Current Block (Block 11)

Block Info

Focus: (1) validate gain=5 rank=30 seed-robustness, (2) fix gain=10 rank=25 seed=42 with edge_diff=20000, (3) explore gain=4 rank=30, (4) fill gain=7 rank=25 gap

Hypothesis

Block 11 pattern validation:

  • gain=5 rank=30 should be seed-robust (pattern: gain=6 rank=30 is seed-robust)
  • edge_diff=20000 may fix gain=10 rank=25 seed=42 (worked for gain=8 rank=10)
  • gain=4 rank=30 may work if gain=5 rank=30 works (low-gain needs high rank)
  • gain=7 rank=25 is last major untested cell in landscape

Iterations This Block

Iter 121: converged

Node: id=121, parent=120 Config: gain=5, rank=30, seed=42, lr_W=3E-3, edge_diff=10000 Metrics: conn_R2=0.9999, test_R2=0.9988, U_R2=0.9596, V_R2=0.9601 Observation: gain=5 rank=30 SEED-ROBUST confirmed! seed=42 matches seed=137.

Iter 122: partial

Node: id=122, parent=117 Config: gain=10, rank=25, seed=42, lr_W=2E-3, edge_diff=20000 Metrics: conn_R2=0.8959, test_R2=0.9994, U_R2=0.9320, V_R2=0.8723 Observation: edge_diff=20000 FAILED to fix gain=10 rank=25 seed=42. V_R2 still degraded. declare seed=42 unlearnable at this cell.
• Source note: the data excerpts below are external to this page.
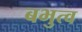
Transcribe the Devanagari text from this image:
बभुत्व
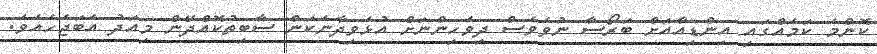
ކޮންމެ ކަމެއްގައި އިންޑިއާއަށް ބަރޯސާ ނުވެވެސް ދިވެހިންނަށް އުޅެވިދާނެކަން ސާބިތުކޮއްދޭން މިއަދު އެބަޖެހެއެވެ.
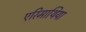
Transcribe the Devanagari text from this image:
एरिमाथिया
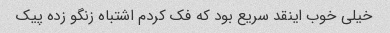
خیلی خوب اینقد سریع بود که فک کردم اشتباه زنگو زده پیک
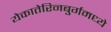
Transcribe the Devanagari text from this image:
येकातेरिनबुर्गमध्ये
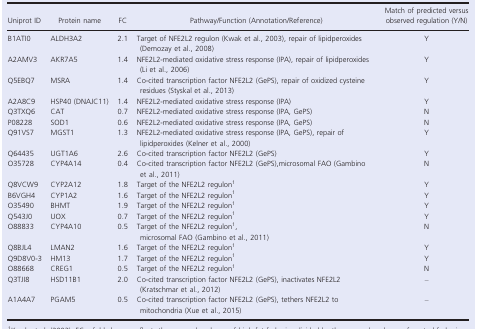
| Uniprot ID | Protein name | FC | Pathway/Function (Annotation/Reference) | Match of predicted versus observed regulation (Y/N) |
 | --- | --- | --- | --- | --- |
 | B1ATI0 | ALDH3A2 | 2.1 | Target of NFE2L2 regulon (Kwak et al., 2003), repair of lipidperoxides (Demozay et al., 2008) | Y |
 | A2AMV3 | AKR7A5 | 1.4 | NFE2L2‐mediated oxidative stress response (IPA), repair of lipidperoxides (Li et al., 2006) | Y |
 | Q5EBQ7 | MSRA | 1.4 | Co‐cited transcription factor NFE2L2 (GePS), repair of oxidized cysteine residues (Styskal et al., 2013) | Y |
 | A2A8C9 | HSP40 (DNAJC11) | 1.4 | NFE2L2‐mediated oxidative stress response (IPA) | Y |
 | Q3TXQ6 | CAT | 0.7 | NFE2L2‐mediated oxidative stress response (IPA, GePS) | N |
 | P08228 | SOD1 | 0.6 | NFE2L2‐mediated oxidative stress response (IPA, GePS) | N |
 | Q91VS7 | MGST1 | 1.3 | NFE2L2‐mediated oxidative stress response (IPA, GePS), repair of lipidperoxides (Kelner et al., 2000) | Y |
 | Q64435 | UGT1A6 | 2.6 | Co‐cited transcription factor NFE2L2 (GePS) | Y |
 | O35728 | CYP4A14 | 0.4 | Co‐cited transcription factor NFE2L2 (GePS),microsomal FAO (Gambino et al., 2011) | N |
 | Q8VCW9 | CYP2A12 | 1.8 | Target of the NFE2L2 regulona | Y |
 | B6VGH4 | CYP1A2 | 1.6 | Target of the NFE2L2 regulona | Y |
 | O35490 | BHMT | 1.9 | Target of the NFE2L2 regulona | Y |
 | Q543J0 | UOX | 0.7 | Target of the NFE2L2 regulona | Y |
 | O88833 | CYP4A10 | 0.5 | Target of the NFE2L2 regulona,microsomal FAO (Gambino et al., 2011) | N |
 | Q8BJL4 | LMAN2 | 1.6 | Target of the NFE2L2 regulona | Y |
 | Q9D8V0‐3 | HM13 | 1.7 | Target of the NFE2L2 regulona | Y |
 | O88668 | CREG1 | 0.5 | Target of the NFE2L2 regulona | N |
 | Q3TJI8 | HSD11B1 | 2.0 | Co‐cited transcription factor NFE2L2 (GePS), inactivates NFE2L2 (Kratschmar et al., 2012) | – |
 | A1A4A7 | PGAM5 | 0.5 | Co‐cited transcription factor NFE2L2 (GePS), tethers NFE2L2 to mitochondria (Xue et al., 2015) | – |

Iter 123: converged (BREAKTHROUGH)

Node: id=123, parent=120 Config: gain=4, rank=30, seed=137, lr_W=4E-3, edge_diff=10000 Metrics: conn_R2=0.9993, test_R2=0.9992, U_R2=0.9596, V_R2=0.9596 Observation: BREAKTHROUGH gain=4 rank=30 SOLVED! pattern confirmed: gain=4/5 need rank=30 (high DoF) while rank=10/20 fail.

Iter 124: partial

Node: id=124, parent=root Config: gain=7, rank=25, seed=137, lr_W=3E-3, edge_diff=10000 Metrics: conn_R2=0.8977, test_R2=0.9999, U_R2=0.9549, V_R2=0.8862 Observation: gain=7 rank=25 partial at 0.90 conn_R2. V_R2=0.886 is limiting. similar to gain=6 rank=25 degeneracy pattern.

Emerging Observations

  • low-gain (4-5) needs rank=30: both gain=4 and gain=5 at rank=30 SOLVED (0.999+) while rank=10/20 fail. high DoF compensates weak signal.
  • mid-gain (6-7) has rank=25 anomaly: gain=6 rank=25 UNLEARNABLE, gain=7 rank=25 partial (0.90). mid-gain at rank=25 prone to V collapse.
  • high-gain (8-10) universally easy: except gain=10 rank=25 seed=42 (UNFIXABLE despite edge_diff=20000).
  • edge_diff scaling: 10000 default, 15000 for some rank=25 cases, 20000 doesn't help seed-specific failures.